A faithful copy of every entry, with the pictures removed, is what is needed here.
[Opening GIVEN RECORDS section]
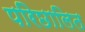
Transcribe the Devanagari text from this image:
परिछालित
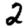
Digit: 2
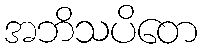
အဘိသပိတေ
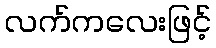
လက်ကလေးဖြင့်
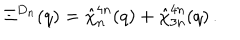
\Xi ^ { D _ { n } } ( q ) = \hat { \chi } _ { n } ^ { 4 n } ( q ) + \hat { \chi } _ { 3 n } ^ { 4 n } ( q ) \, .
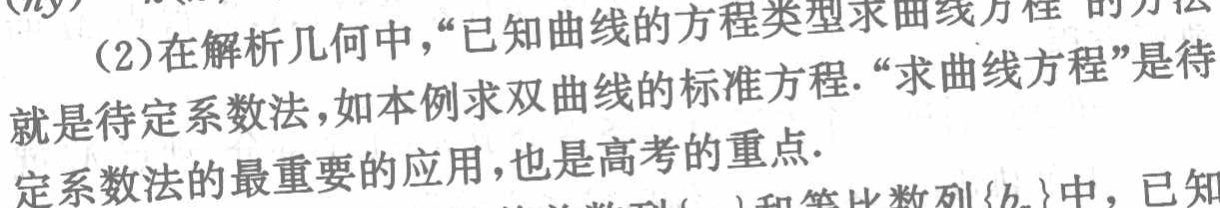
(2)在解析几何中，“已知曲线的方程类型求曲线方程”的方法就是待定系数法，如本例求双曲线的标准方程.“求曲线方程”是待定系数法的最重要的应用，也是高考的重点.  在数列\(\{a_{n}\}\)和等比数列\(\{b_{n}\}\)中，已知
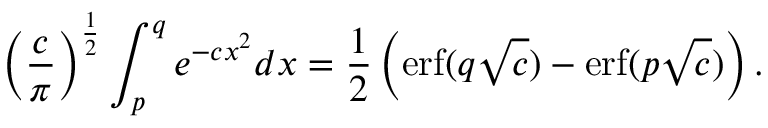
\left( { \frac { c } { \pi } } \right) ^ { \frac { 1 } { 2 } } \int _ { p } ^ { q } e ^ { - c x ^ { 2 } } d x = { \frac { 1 } { 2 } } \left( \operatorname { e r f } ( q { \sqrt { c } } ) - \operatorname { e r f } ( p { \sqrt { c } } ) \right) .
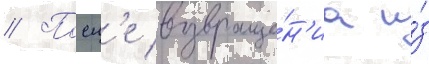
// Посл'е возвраще́н'иа и́з
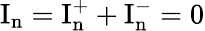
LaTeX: \mathrm{I_{n}}=\mathrm{I_{n}^{+}}+\mathrm{I_{n}^{-}}=0
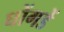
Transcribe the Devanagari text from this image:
घोंगडें
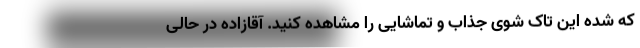
که شده این تاک شوی جذاب و تماشایی را مشاهده کنید. آقازاده در حالی
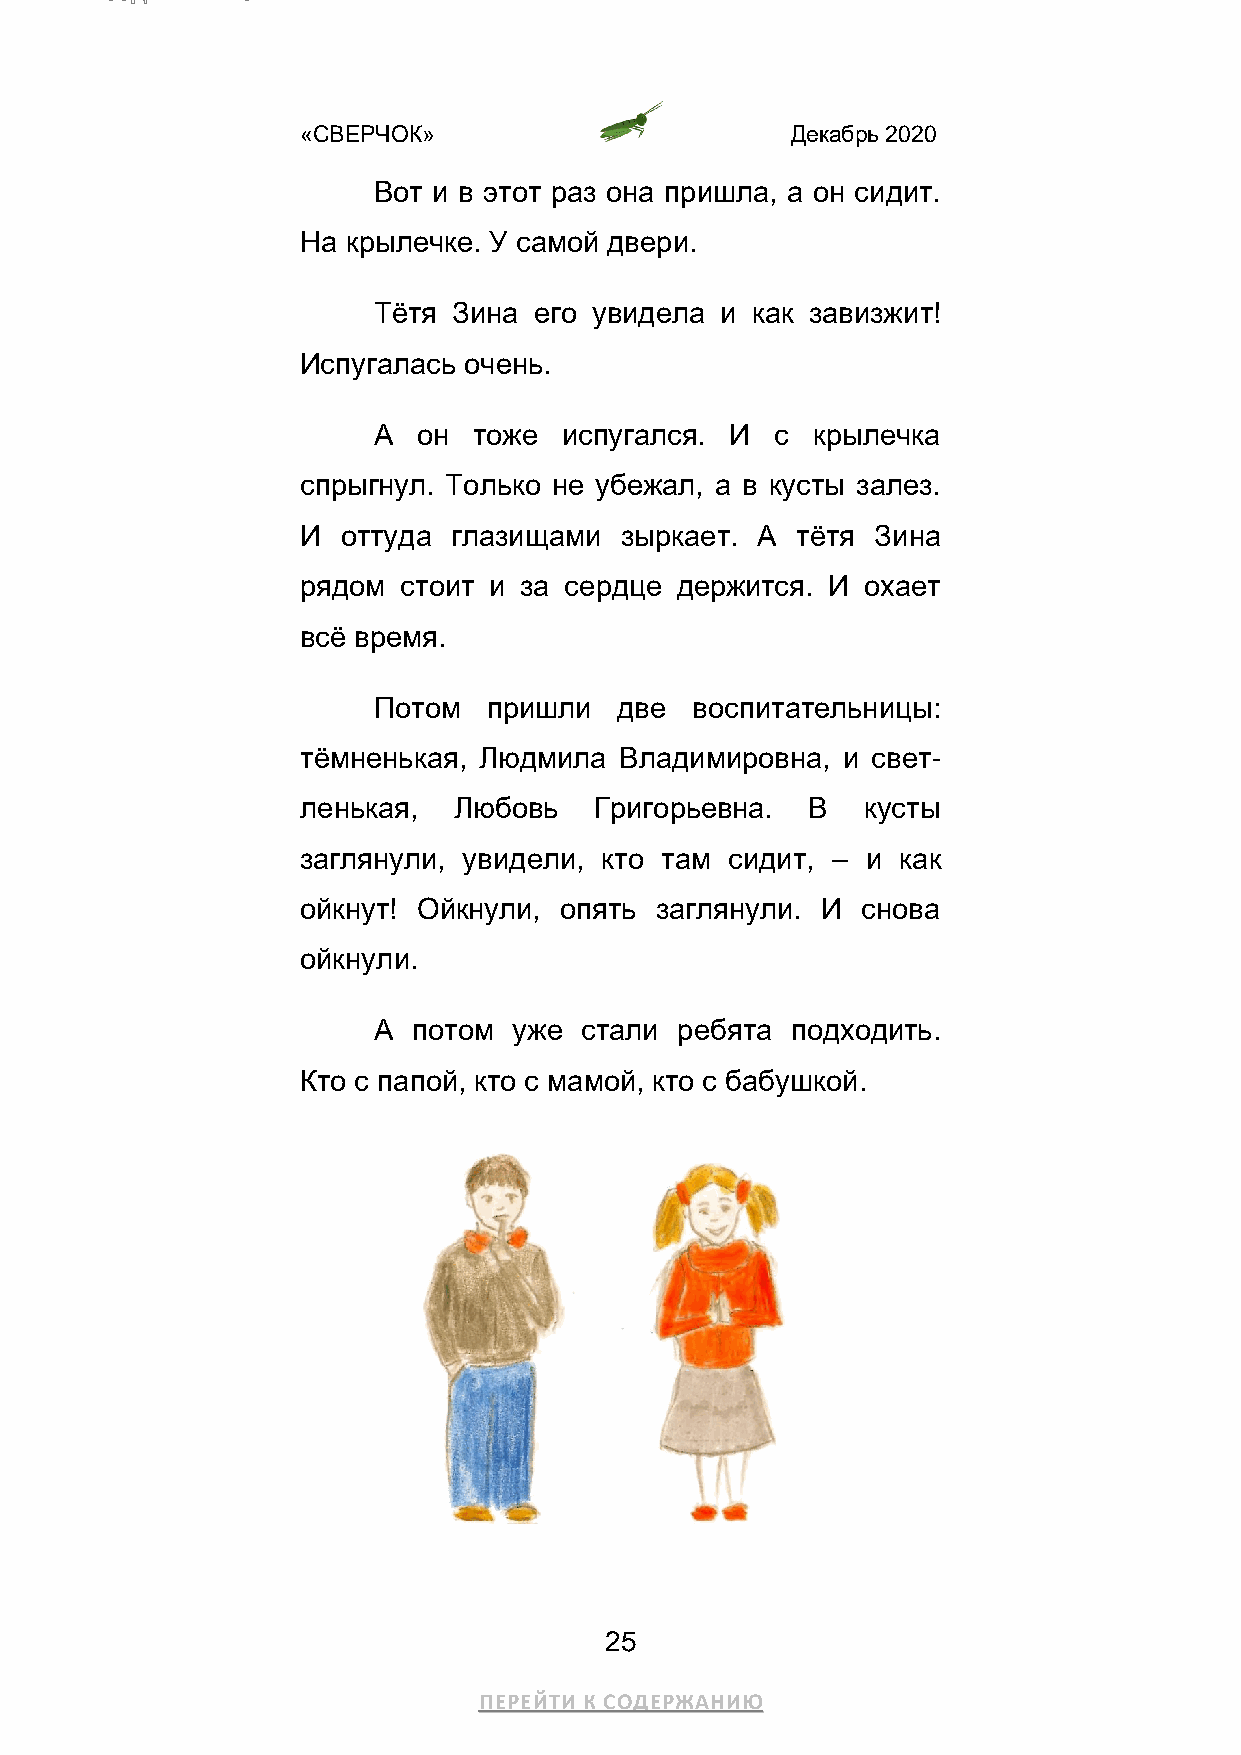
«СВЕРЧОК»                       Декабрь 2020
 Вот и в этот раз она пришла, а он сидит.
 На крылечке. У самой двери.
 Тётя Зина его увидела  и как завизжит!
 Испугалась очень.
 А  он тоже  испугался. И  с  крылечка
 спрыгнул. Только не убежал, а в кусты залез.
 И  оттуда глазищами  зыркает. А  тётя Зина
 рядом  стоит и за сердце держится. И охает
 всё время.
 Потом  пришли   две  воспитательницы:
 тёмненькая, Людмила  Владимировна,  и свет-
 ленькая,  Любовь   Григорьевна.   В  кусты
 заглянули, увидели, кто там сидит, – и  как
 ойкнут! Ойкнули, опять заглянули. И  снова
 ойкнули.
 А потом  уже стали  ребята подходить.
 Кто с папой, кто с мамой, кто с бабушкой.
 25
 ПЕРЕЙТИ К СОДЕРЖАНИЮ
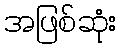
အဖြစ်ဆုံး
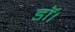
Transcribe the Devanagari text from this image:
डॉ।
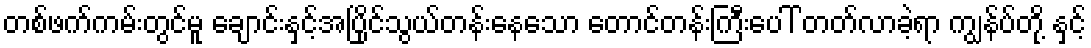
တစ်ဖက်ကမ်းတွင်မူ ချောင်းနှင့်အပြိုင်သွယ်တန်းနေသော တောင်တန်းကြီးပေါ် တတ်လာခဲ့ရာ ကျွန်ပ်တို့ နှင့်
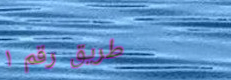
طريق رقم ١
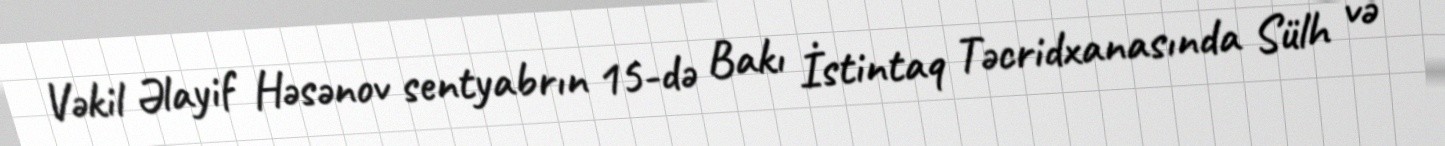
Vəkil Əlayif Həsənov sentyabrın 15-də Bakı İstintaq Təcridxanasında Sülh və
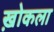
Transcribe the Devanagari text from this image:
ख़ोकला
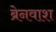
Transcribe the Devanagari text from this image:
ब्रेनवाश
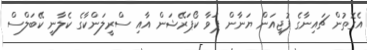
އެގޮތުން ޗައިނާގެ ފުޖިއަން ޔަނާން ޕަވާ ކޯޕަރޭޝަން އާއި ސްރީލަންކާގެ ކެލާނީ ކޭބަލްސް
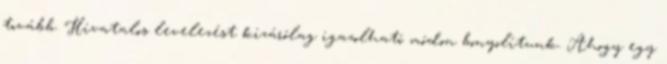
tovább. Hivatalos levelezést kizárólag igazolható módon bonyolítunk. Ahogy egy
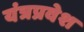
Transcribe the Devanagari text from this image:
यंत्रप्रवेश
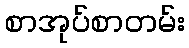
စာအုပ်စာတမ်း
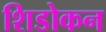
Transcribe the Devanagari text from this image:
शिडोकन
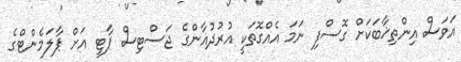
އަވަސް އިންތިޚާބަކަށް ގޮސްފި ނަމަ އެއްގޮތަކީ އުރުދުޣާންގެ ޖަސްޓިސް ޕާޓީ އަށް ޕާލަމެންޓްގެ
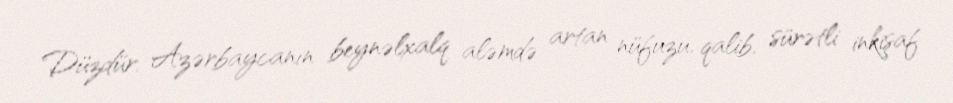
Düzdür, Azərbaycanın beynəlxalq aləmdə artan nüfuzu, qalib, sürətli inkişaf
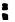
:
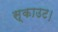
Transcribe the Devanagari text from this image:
स्काउट।
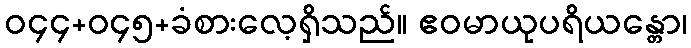
ဝ၄၄+ဝ၄၅+ခံစားလေ့ရှိသည်။ ဧဝမာယုပရိယန္တော၊
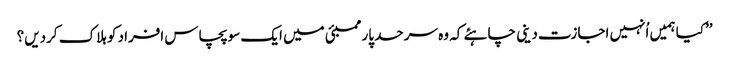
’’کیا ہمیں اُنہیں اجازت دینی چاہئے کہ وہ سرحد پار ممبئی میں ایک سو پچاس افراد کو ہلاک کردیں؟
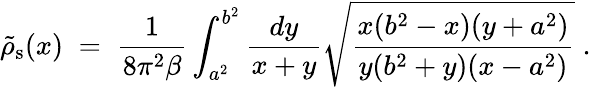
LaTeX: \tilde{\rho}_{\mathrm{s}}(x)\; =\; {\frac{1}{8\pi^{2}\beta}}\int_{a^{2}}^{b^{2}}{\frac{dy}{x+y}}\sqrt{{\frac{x(b^{2}-x)(y+a^{2})}{y(b^{2}+y)(x-a^{2})}}}\; .
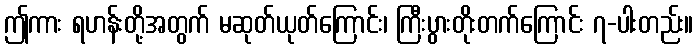
ဤကား ရဟန်းတို့အတွက် မဆုတ်ယုတ်ကြောင်း၊ ကြီးပွားတိုးတက်ကြောင်း ၇-ပါးတည်း။
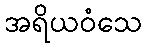
အရိယဝံသေ
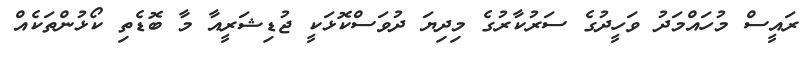
ރައީސް މުހައްމަދު ވަހީދުގެ ސަރުކާރުގެ މިދިޔަ ދުވަސްކޮޅަކީ ޖުޑިޝަރީއާ މާ ބޮޑެތި ކޯޅުންތަކެއް
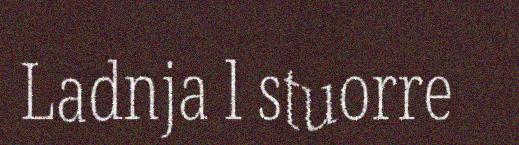
Ladnja l stuorre
[Closing GIVEN RECORDS section]
_RESPONSE FOR THIS EXERCISE_:
Transcribe the Devanagari text from this image:
परिछालित
Digit: 2
အဘိသပိတေ
လက်ကလေးဖြင့်
\Xi ^ { D _ { n } } ( q ) = \hat { \chi } _ { n } ^ { 4 n } ( q ) + \hat { \chi } _ { 3 n } ^ { 4 n } ( q ) \, .
(2)在解析几何中，“已知曲线的方程类型求曲线方程”的方法就是待定系数法，如本例求双曲线的标准方程.“求曲线方程”是待定系数法的最重要的应用，也是高考的重点.  在数列\(\{a_{n}\}\)和等比数列\(\{b_{n}\}\)中，已知
\left( { \frac { c } { \pi } } \right) ^ { \frac { 1 } { 2 } } \int _ { p } ^ { q } e ^ { - c x ^ { 2 } } d x = { \frac { 1 } { 2 } } \left( \operatorname { e r f } ( q { \sqrt { c } } ) - \operatorname { e r f } ( p { \sqrt { c } } ) \right) .
// Посл'е возвраще́н'иа и́з
LaTeX: \mathrm{I_{n}}=\mathrm{I_{n}^{+}}+\mathrm{I_{n}^{-}}=0
Transcribe the Devanagari text from this image:
घोंगडें
که شده این تاک شوی جذاب و تماشایی را مشاهده کنید. آقازاده در حالی
«СВЕРЧОК»                       Декабрь 2020
 Вот и в этот раз она пришла, а он сидит.
 На крылечке. У самой двери.
 Тётя Зина его увидела  и как завизжит!
 Испугалась очень.
 А  он тоже  испугался. И  с  крылечка
 спрыгнул. Только не убежал, а в кусты залез.
 И  оттуда глазищами  зыркает. А  тётя Зина
 рядом  стоит и за сердце держится. И охает
 всё время.
 Потом  пришли   две  воспитательницы:
 тёмненькая, Людмила  Владимировна,  и свет-
 ленькая,  Любовь   Григорьевна.   В  кусты
 заглянули, увидели, кто там сидит, – и  как
 ойкнут! Ойкнули, опять заглянули. И  снова
 ойкнули.
 А потом  уже стали  ребята подходить.
 Кто с папой, кто с мамой, кто с бабушкой.
 25
 ПЕРЕЙТИ К СОДЕРЖАНИЮ
အဖြစ်ဆုံး
Transcribe the Devanagari text from this image:
डॉ।
တစ်ဖက်ကမ်းတွင်မူ ချောင်းနှင့်အပြိုင်သွယ်တန်းနေသော တောင်တန်းကြီးပေါ် တတ်လာခဲ့ရာ ကျွန်ပ်တို့ နှင့်
طريق رقم ١
Vəkil Əlayif Həsənov sentyabrın 15-də Bakı İstintaq Təcridxanasında Sülh və
Transcribe the Devanagari text from this image:
ख़ोकला
Transcribe the Devanagari text from this image:
ब्रेनवाश
އެގޮތުން ޗައިނާގެ ފުޖިއަން ޔަނާން ޕަވާ ކޯޕަރޭޝަން އާއި ސްރީލަންކާގެ ކެލާނީ ކޭބަލްސް
tovább. Hivatalos levelezést kizárólag igazolható módon bonyolítunk. Ahogy egy
Transcribe the Devanagari text from this image:
यंत्रप्रवेश
စာအုပ်စာတမ်း
Transcribe the Devanagari text from this image:
शिडोकन
އަވަސް އިންތިޚާބަކަށް ގޮސްފި ނަމަ އެއްގޮތަކީ އުރުދުޣާންގެ ޖަސްޓިސް ޕާޓީ އަށް ޕާލަމެންޓްގެ
Düzdür, Azərbaycanın beynəlxalq aləmdə artan nüfuzu, qalib, sürətli inkişaf
:
Transcribe the Devanagari text from this image:
स्काउट।
ဝ၄၄+ဝ၄၅+ခံစားလေ့ရှိသည်။ ဧဝမာယုပရိယန္တော၊
’’کیا ہمیں اُنہیں اجازت دینی چاہئے کہ وہ سرحد پار ممبئی میں ایک سو پچاس افراد کو ہلاک کردیں؟
LaTeX: \tilde{\rho}_{\mathrm{s}}(x)\; =\; {\frac{1}{8\pi^{2}\beta}}\int_{a^{2}}^{b^{2}}{\frac{dy}{x+y}}\sqrt{{\frac{x(b^{2}-x)(y+a^{2})}{y(b^{2}+y)(x-a^{2})}}}\; .
ဤကား ရဟန်းတို့အတွက် မဆုတ်ယုတ်ကြောင်း၊ ကြီးပွားတိုးတက်ကြောင်း ၇-ပါးတည်း။
အရိယဝံသေ
ރައީސް މުހައްމަދު ވަހީދުގެ ސަރުކާރުގެ މިދިޔަ ދުވަސްކޮޅަކީ ޖުޑިޝަރީއާ މާ ބޮޑެތި ކޯޅުންތަކެއް
Ladnja l stuorre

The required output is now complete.